Review: Genius at Play by Siobhan Roberts
When I’m drowning in the desire to read “something different” but have no idea what the subject might be, I go to Books Upstairs on D’Olier Street. Last week they didn’t disappoint me when I stumbled upon a biography of one of my great heroes, John Horton Conway, which I hadn’t known existed.
I’ll accept that unless your NQ1 is fairly high, you have possibly never even heard of JHC but I’m here to tell you that you’re all the poorer for this. He is perhaps the most quirky, playful and creative professor of mathematics to ever to grace the halls of Cambridge and Princeton.
Alert!!! Don’t switch off
For “mathematics” read “GAMES”
So how would an ordinary mortal come to hear of him? Well he sprang to prominence when Scientific American’s equally nerd-adored Martin Gardiner published article after article describing his Game of Life (play it here); what Conway calls a zero-player game. The biography reveals that although he revels in the fame it brought, he also bemoans how it has cast a deep shadow over his other accomplishments.

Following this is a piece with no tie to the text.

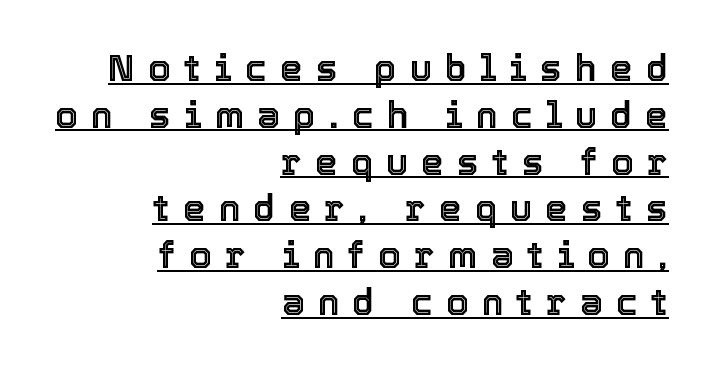
The image shows 36 px text type, upright; set right-aligned, normal line spacing (1.3x), unusually wide letter spacing (+0.37 em), underlined; a medium x-height.

Like Einstein in 1905, he had his annus mirabilis in 1969 inventing ‘Life’, describing the Monster Group (… don’t go there …) and inventing what I think he will eventually be best remembered for: the Surreal Number which I like to call 𝕊. Don’t get me going on them; I won’t stop.
So why am I bothering to write this up and attract your witty rejoinders? Because this is laugh-out-loud biography. Conway is a (deliberately) larger than life man, who claims never to have worked a day in his life and he must be, by far, the most entertaining educator ever. It’s so interesting to see also the complete (artistic!) freedom that academia awards to someone like him to “waste” countless hours playing and fooling-around in, no doubt, the confident belief that genius has its own path to follow.
I read this 400-page biography in 3 days; it’s un-put-downable. This is a book about the full expression of creativity and his biographer adopts his quirkiness in her presentation of him. To her credit, she shows him warts and all but at the end, warts aside, I still revere him!